In deze zaak heeft de rechtbank Den Haag op 18 juli 2025 uitspraak gedaan in een beroep tegen het besluit van het college van burgemeester en wethouders van Westland om spoedeisende bestuursdwang toe te passen. Dit besluit was gericht op de beëindiging van de huisvesting van arbeidsmigranten op de zolderverdieping van een woning, omdat de situatie als brandgevaarlijk werd beschouwd. De rechtbank oordeelde dat het college bevoegd was om handhavend op te treden en dat er sprake was van een overtreding. Eiser, als eigenaar van het perceel, werd terecht aangemerkt als overtreder.

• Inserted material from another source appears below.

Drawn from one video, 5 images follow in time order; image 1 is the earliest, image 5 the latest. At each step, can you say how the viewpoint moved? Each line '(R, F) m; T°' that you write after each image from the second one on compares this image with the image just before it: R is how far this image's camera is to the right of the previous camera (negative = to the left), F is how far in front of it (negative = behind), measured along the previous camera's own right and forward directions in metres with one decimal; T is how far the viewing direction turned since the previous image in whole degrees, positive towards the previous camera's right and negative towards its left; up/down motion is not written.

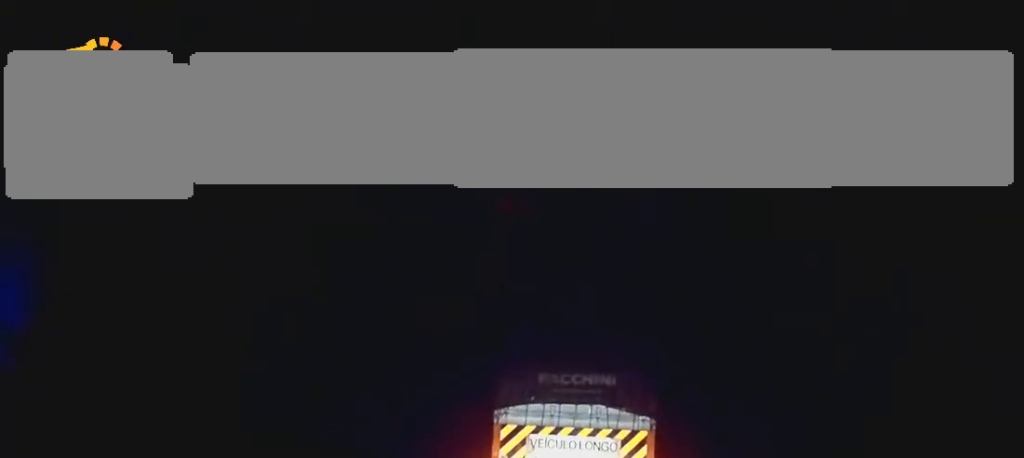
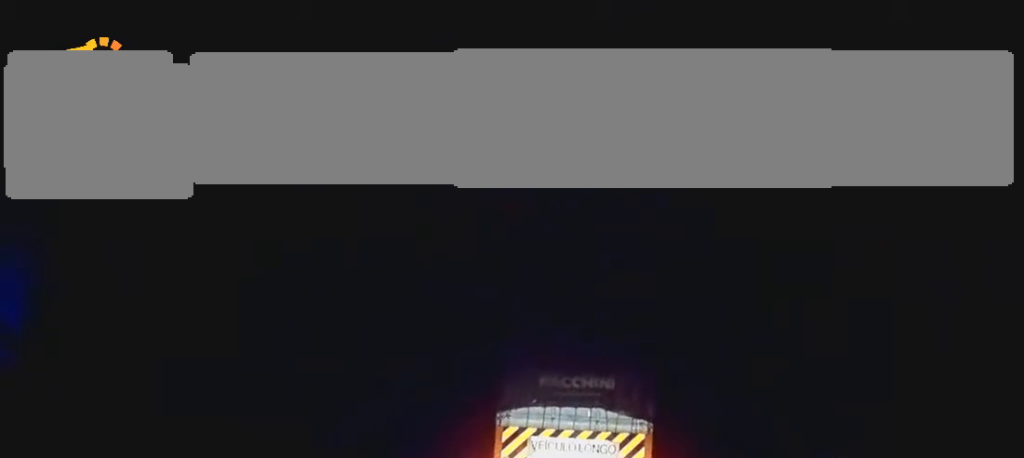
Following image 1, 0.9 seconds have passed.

De rechtbank concludeerde dat er geen bijzondere omstandigheden waren die het college hadden moeten doen afzien van handhavend optreden. Het beroep van eiser werd ongegrond verklaard, en hij kreeg geen gelijk in de zaak. De rechtbank benadrukte dat de veiligheid van de aanwezige personen zwaarder woog dan de belangen van eiser bij het voortduren van de overtreding. De uitspraak is gedaan door de enkelvoudige kamer van de rechtbank en is openbaar gemaakt op dezelfde dag.

Uitspraak

RECHTBANK DEN HAAG

Bestuursrecht
zaaknummer: SGR 24/1404

uitspraak van de enkelvoudige kamer van 18 juli 2025 in de zaak tussen

[eiser] , eiser

en

het college van burgemeester en wethouders van Westland

(gemachtigden: mr. C.A. Manders-Chang, mr. K. Kayadelen en mr. T. Bender).

Samenvatting

1. Deze uitspraak gaat over het besluit van het college om spoedeisende bestuursdwang toe te passen om de huisvesting van personen op de zolderverdieping van de woning op het perceel [adres 1] in [plaats] te beëindigen. Eiser is het daar niet mee eens. Hij voert daartoe een aantal beroepsgronden aan. Aan de hand van deze beroepsgronden beoordeelt de rechtbank of het college spoedeisende bestuursdwang heeft mogen toepassen.
1.1.
De rechtbank komt in deze uitspraak tot het oordeel dat sprake was van een overtreding en het college bevoegd was om handhavend op te treden. Het college heeft zich terecht standpunt gesteld dat de situatie zo brandgevaarlijk was, dat het toepassen van spoedeisende bestuursdwang gerechtvaardigd was. Ook is eiser, als eigenaar van het perceel, terecht aangemerkt als overtreder en zijn er geen bijzondere omstandigheden op grond waarvan het college van handhavend optreden had moeten afzien. Eiser krijgt dus geen gelijk en het beroep is dus ongegrond. Hierna legt de rechtbank uit hoe zij tot dit oordeel komt en welke gevolgen dit oordeel heeft.
1.2.
Onder 2 staat het procesverloop in deze zaak. Onder 3 staan de van belang zijnde feiten en omstandigheden die hebben geleid tot het bestreden besluit. De beoordeling door de rechtbank volgt vanaf 4. Aan het eind staat de beslissing van de rechtbank en de gevolgen daarvan.

Procesverloop

2. Met het bestreden besluit van 11 januari 2024 op het bezwaar van eiser heeft het college zich op het standpunt gesteld dat de spoedeisende bestuursdwang terecht is toegepast.
2.1.
Eiser heeft beroep ingesteld tegen het bestreden besluit. Het college heeft op het beroep gereageerd met een verweerschrift.
2.2.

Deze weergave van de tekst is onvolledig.